We’ve additionally executed extra analysis, proper as much as the current day, to know the basic mechanisms of how the genetic mutations perturb mind growth. In 2017 utilizing induced stem cell cultures derived from sufferers and regular topics, we found that when MECP2 is missing, microRNAs essential to correct mind growth develop into misregulated. Overexpression of the microRNAs prevented new neurons from being born, whereas inhibiting the microRNAs enabled wholesome neural beginning. This was a surprisingly early impact of Rett syndrome that we demonstrated straight in human neurons and their progenitors.

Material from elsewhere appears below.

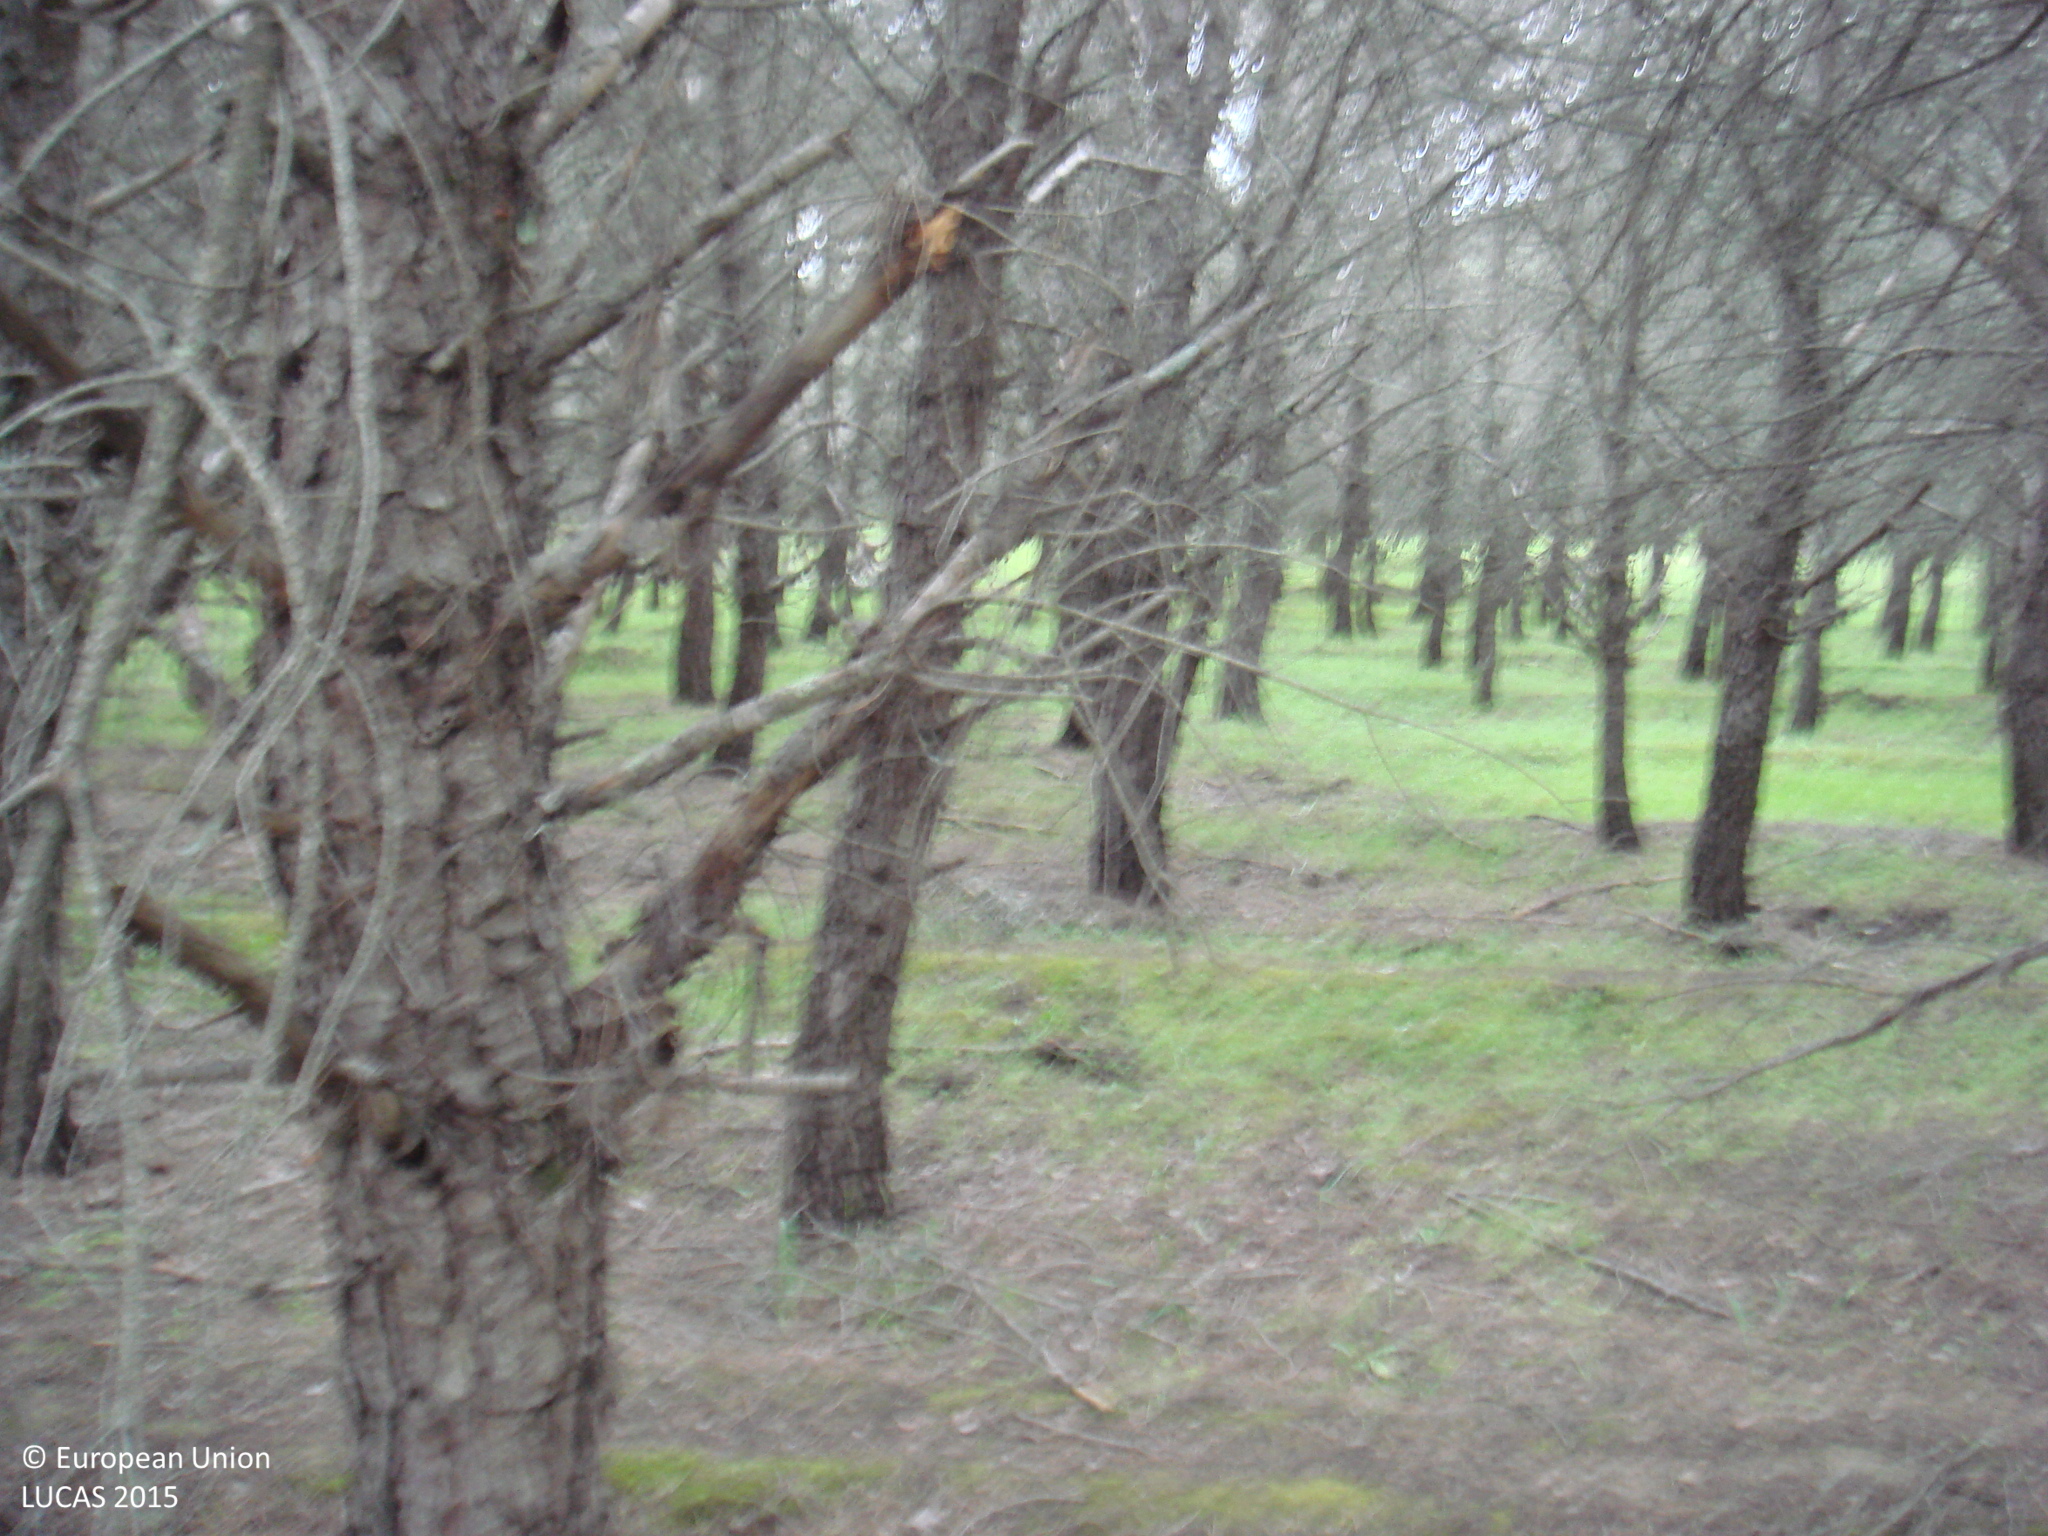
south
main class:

Final yr we used an progressive mixture of superior imaging strategies and human stem cell-derived organoids to show that in Rett syndrome, the migration of neurons to the cerebral cortex turns into a lot slower and extremely erratic. These discoveries led to the sobering realization that there might be very early adjustments in mind growth because of the genetic mutations of Rett syndrome.
Q: What’s the significance of seeing this primary analysis obtain medical utility and impression?

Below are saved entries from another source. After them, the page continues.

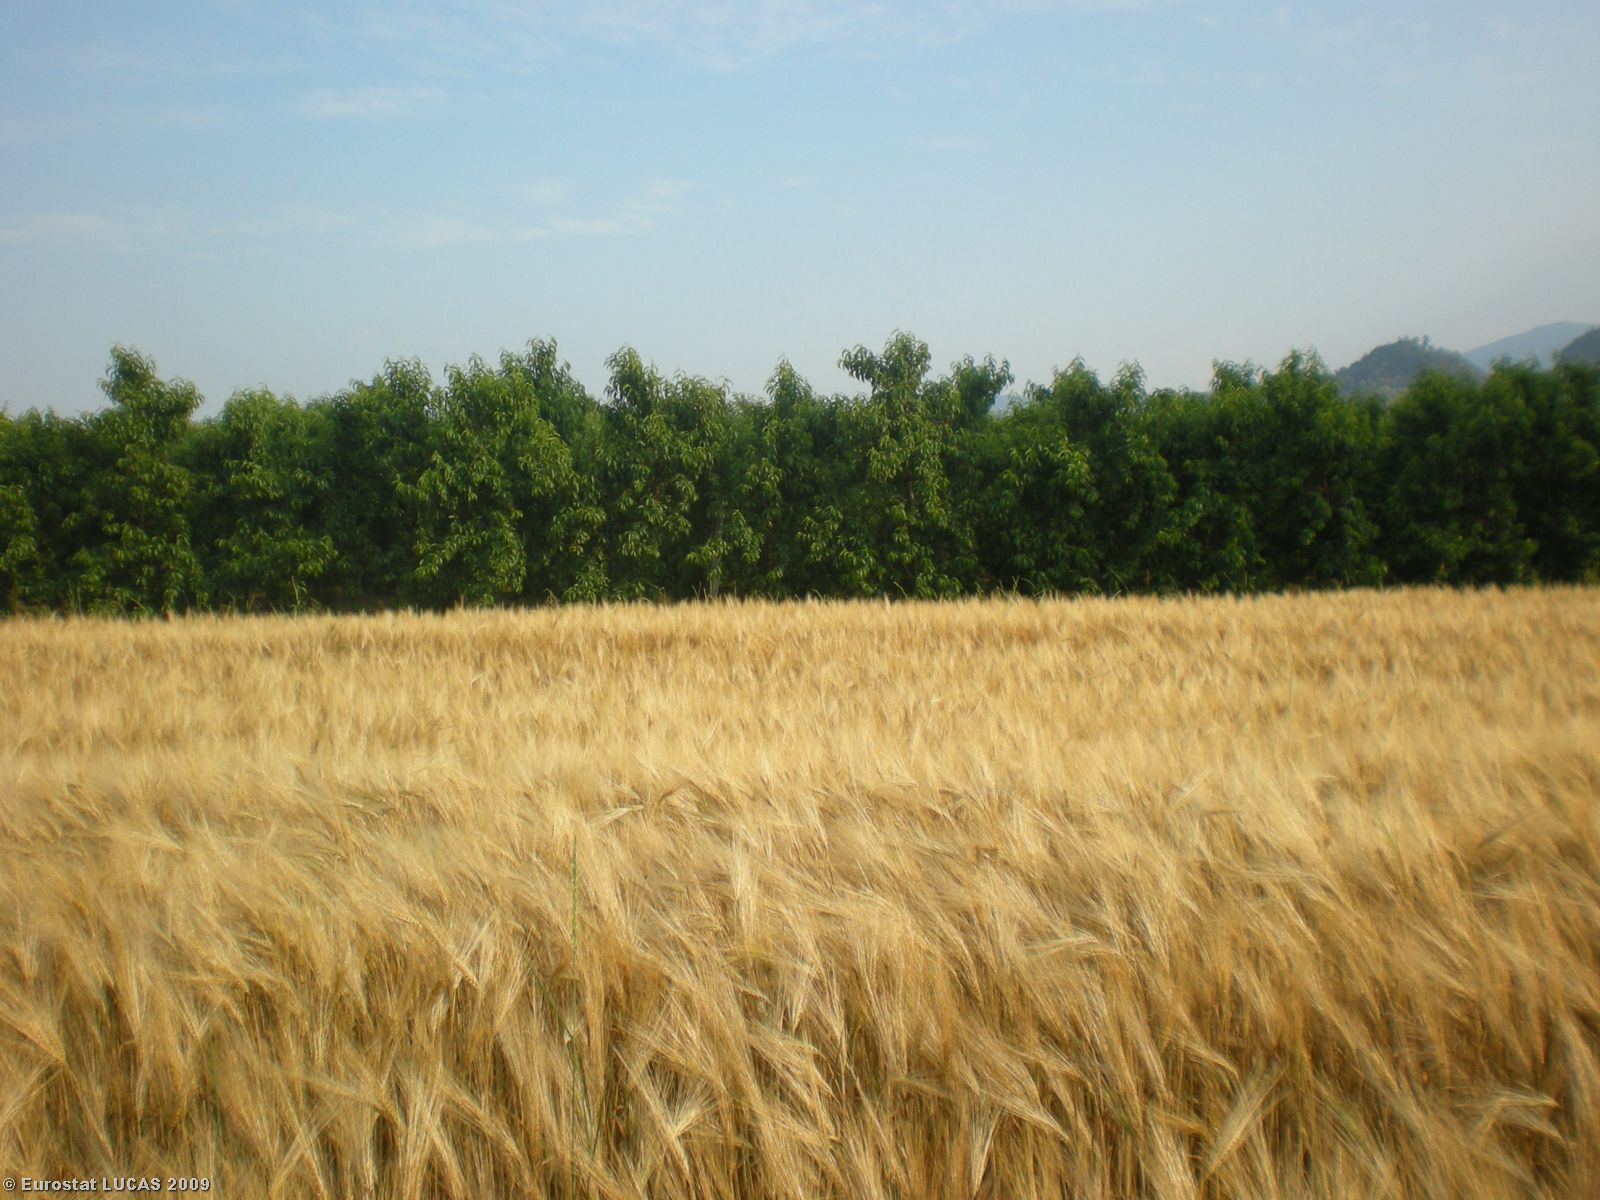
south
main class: Cropland
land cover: Barley
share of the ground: > 75 %
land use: Agriculture (excluding fallow land and kitchen gardens)
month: June
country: IT
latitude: 44.6787
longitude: 7.3936

A: By finding out plasticity in regular mice and the basic mechanisms by which synapses change, and therefore change mind perform and habits, we moved into analyzing the impact of a gene that underlies a devastating mind dysfunction. IGF-1 peptide has develop into the very first molecule to achieve this stage for any developmental mind dysfunction in that it’s a mechanism-based therapeutic. Primarily based on an animal mannequin and doing the mechanistic evaluation of why does the gene have an effect on the mind and the way would possibly we offset it, we set the course for the primary drug to deal with Rett syndrome.
Quite a lot of the early work was Daniela’s perception by way of how to consider primary mechanisms of developmental plasticity and apply them to mind issues. This was fully uncharted territory as as to whether plasticity could be a phenomenon underlying developmental issues, and whether or not the visible cortex within the mouse may then mannequin the dysfunction. And at last we had the concept a molecule that has a task in regulating this plasticity might be utilized to the dysfunction. Many concepts in science don’t work out, however this one did. A number of folks from my lab participated within the discovery. We additionally couldn’t have examined these concepts with out our collaboration with Rudolf Jaenisch and his lab. He was very beneficiant along with his lab’s assets — we had no grant funds for this work at the moment — and our labs have now collaborated on a number of research since then.
It’s the dream of each neuroscientist to have an effect on the world ultimately. And that is my dream come true!